In any case, you have until December 31st of the tax year in which you make the backdoor Roth IRA conversion to dispose of the traditional IRA. If you still have a traditional IRA balance on December 31st, then the pro-rata rule will apply to the conversion. For example, if you attempt to make a backdoor Roth IRA contribution of $6,000 while having a traditional IRA with a pre-tax balance of $50,000, then only 10.7% ($6,000 / ($50,000 + $6,000)) of the conversion step will apply to the non-deductible amount, and the remainder will be converted from the pre-tax amount. This will result in $5,357 ($6,000 * (1 - 10.7%)) of taxable income.
Because IRAs are individual accounts, the IRAs of one spouse do not affect the proration of the other spouse's conversion, even when filing MFJ. Similarly, if an individual has an inherited IRA with some basis in it as well as their own traditional IRAs (with or without basis), the tax calculations for the inherited IRA are done separately from the other traditional IRAs the beneficiary may have.

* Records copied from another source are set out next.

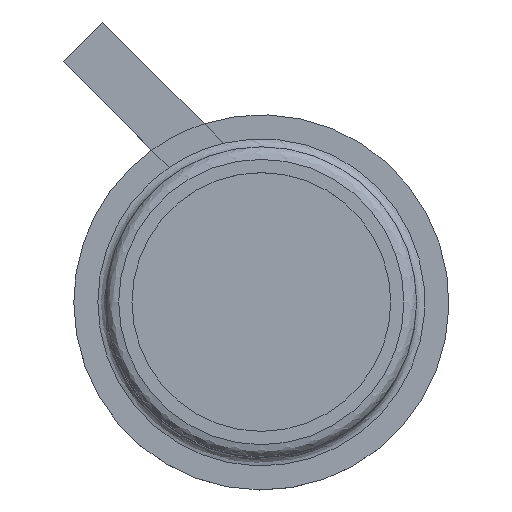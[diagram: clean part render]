
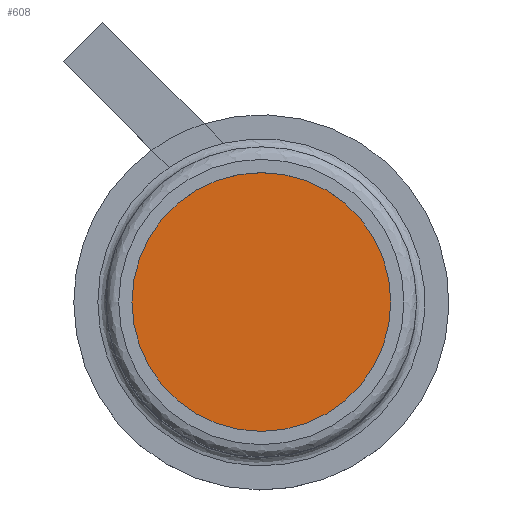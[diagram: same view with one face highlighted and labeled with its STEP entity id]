
A CAD part, top view. The second image highlights one B-rep face of the part: STEP entity #608.
In plain terms, the highlighted planar face has unit normal (0, 0, 1).
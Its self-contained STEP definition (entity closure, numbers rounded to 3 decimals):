
#588 = VERTEX_POINT('',#589);
#589 = CARTESIAN_POINT('',(-0.73,0.,8.7));
#597 = EDGE_CURVE('',#588,#588,#598,.T.);
#598 = CIRCLE('',#599,2.);
#599 = AXIS2_PLACEMENT_3D('',#600,#601,#602);
#600 = CARTESIAN_POINT('',(1.27,0.,8.7));
#601 = DIRECTION('',(0.,0.,1.));
#602 = DIRECTION('',(-1.,0.,0.));
#608 = ADVANCED_FACE('',(#609),#612,.T.);
#609 = FACE_BOUND('',#610,.F.);
#610 = EDGE_LOOP('',(#611));
#611 = ORIENTED_EDGE('',*,*,#597,.F.);
#612 = PLANE('',#613);
#613 = AXIS2_PLACEMENT_3D('',#614,#615,#616);
#614 = CARTESIAN_POINT('',(1.27,0.,8.7));
#615 = DIRECTION('',(0.,0.,1.));
#616 = DIRECTION('',(-1.,0.,0.));
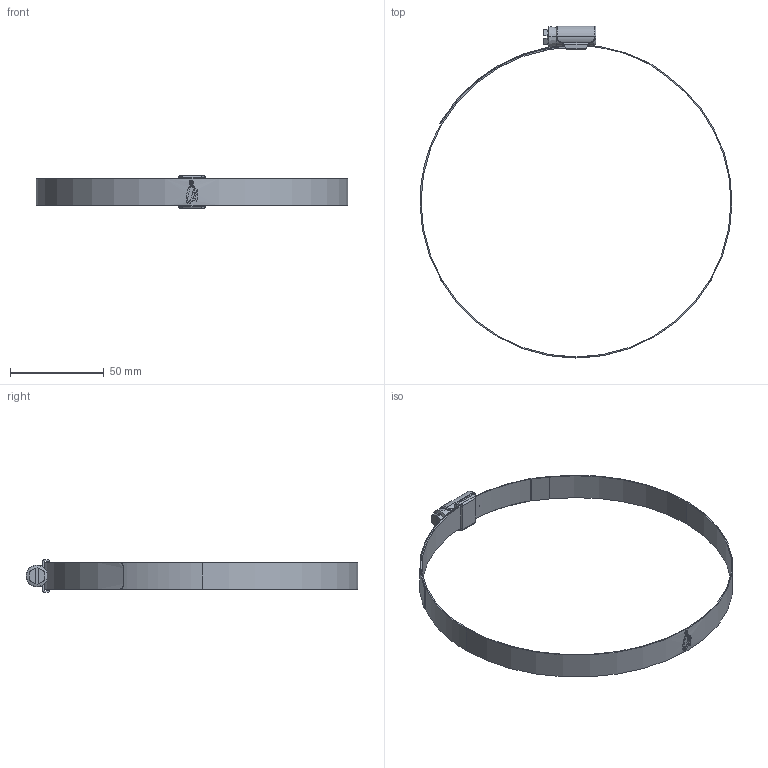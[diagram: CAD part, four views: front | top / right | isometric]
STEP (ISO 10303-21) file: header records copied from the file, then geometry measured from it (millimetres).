
FILE_DESCRIPTION (( 'STEP AP214' ), '1' );
FILE_NAME ('TRI-50-0-HG-96.step', '2025-06-17T12:38:38', ( '' ), ( '' ), 'SwSTEP 2.0', 'SolidWorks 2025', '' );
FILE_SCHEMA (( 'AUTOMOTIVE_DESIGN' ));
Length unit declared in the file: millimetre
Products named in the file (1): TRI-50-0-HG-96
Bounding box: 166.06 x 176.73 x 17.3 mm (x, y, z)
Volume: 7386.4 mm3; surface area: 20787.4 mm2
Topology: 3 solids, 3 shells, 189 faces, 508 edges, 334 vertices
Faces by surface type: cylinder 89, bspline 53, plane 39, cone 6, torus 2
Entity records: 7613 total; most frequent: CARTESIAN_POINT 3467, ORIENTED_EDGE 1016, DIRECTION 584, EDGE_CURVE 508, VERTEX_POINT 334, LINE 222, VECTOR 222, B_SPLINE_CURVE_WITH_KNOTS 208
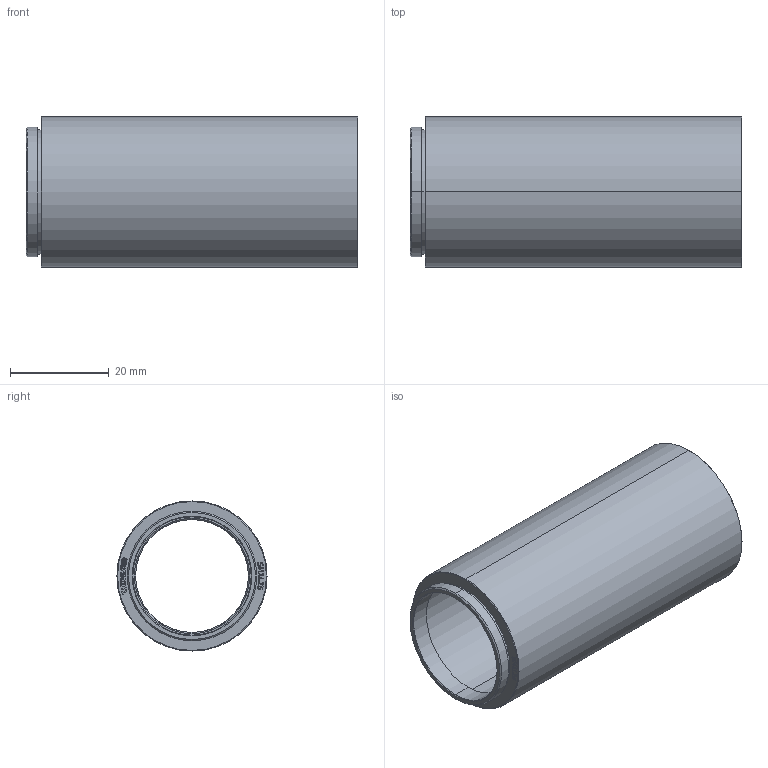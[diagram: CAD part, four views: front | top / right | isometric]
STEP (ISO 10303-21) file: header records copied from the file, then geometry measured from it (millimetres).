
FILE_DESCRIPTION (( 'STEP AP214' ), '1' );
FILE_NAME ('TTN048859-E0W.STEP', '2016-07-13T18:58:37', ( '' ), ( '' ), 'SwSTEP 2.0', 'SolidWorks 2016', '' );
FILE_SCHEMA (( 'AUTOMOTIVE_DESIGN' ));
Length unit declared in the file: inch
Products named in the file (1): TTN048859-E0W
Bounding box: 67.31 x 30.48 x 30.48 mm (x, y, z)
Volume: 12539.3 mm3; surface area: 13146.6 mm2
Topology: 2 solids, 2 shells, 298 faces, 794 edges, 524 vertices
Faces by surface type: bspline 151, plane 111, cone 20, cylinder 16
Entity records: 15989 total; most frequent: CARTESIAN_POINT 5636, ORIENTED_EDGE 1588, DIRECTION 840, EDGE_CURVE 794, VERTEX_POINT 524, VECTOR 424, LINE 424, EDGE_LOOP 326

In these cases, spouses need to file Form 8606 individually as well as for each inherited IRA having a basis.
When you leave an employer and you want to roll the employer's retirement plan to an IRA, request a single distribution but direct the after-tax distributions to a Roth IRA and the pre-tax distributions to a rollover IRA (which is one of the forms of a traditional IRA). While money is in the rollover IRA, DO NOT make any other contributions directly to that account. This will help make it possible for a future employer plan to accept the rollover IRA, since some employer plans do not accept money from contributory traditional IRAs (IRAs to which you contributed directly, instead of withheld from your paycheck). In other words, keep your rollover IRAs separated from your other IRAs. If you have already co-mingled employer plan rollovers with IRAs you have contributed to, the plan documents from a future employer plan will tell if the rollover back to a 401k or 403b is allowed.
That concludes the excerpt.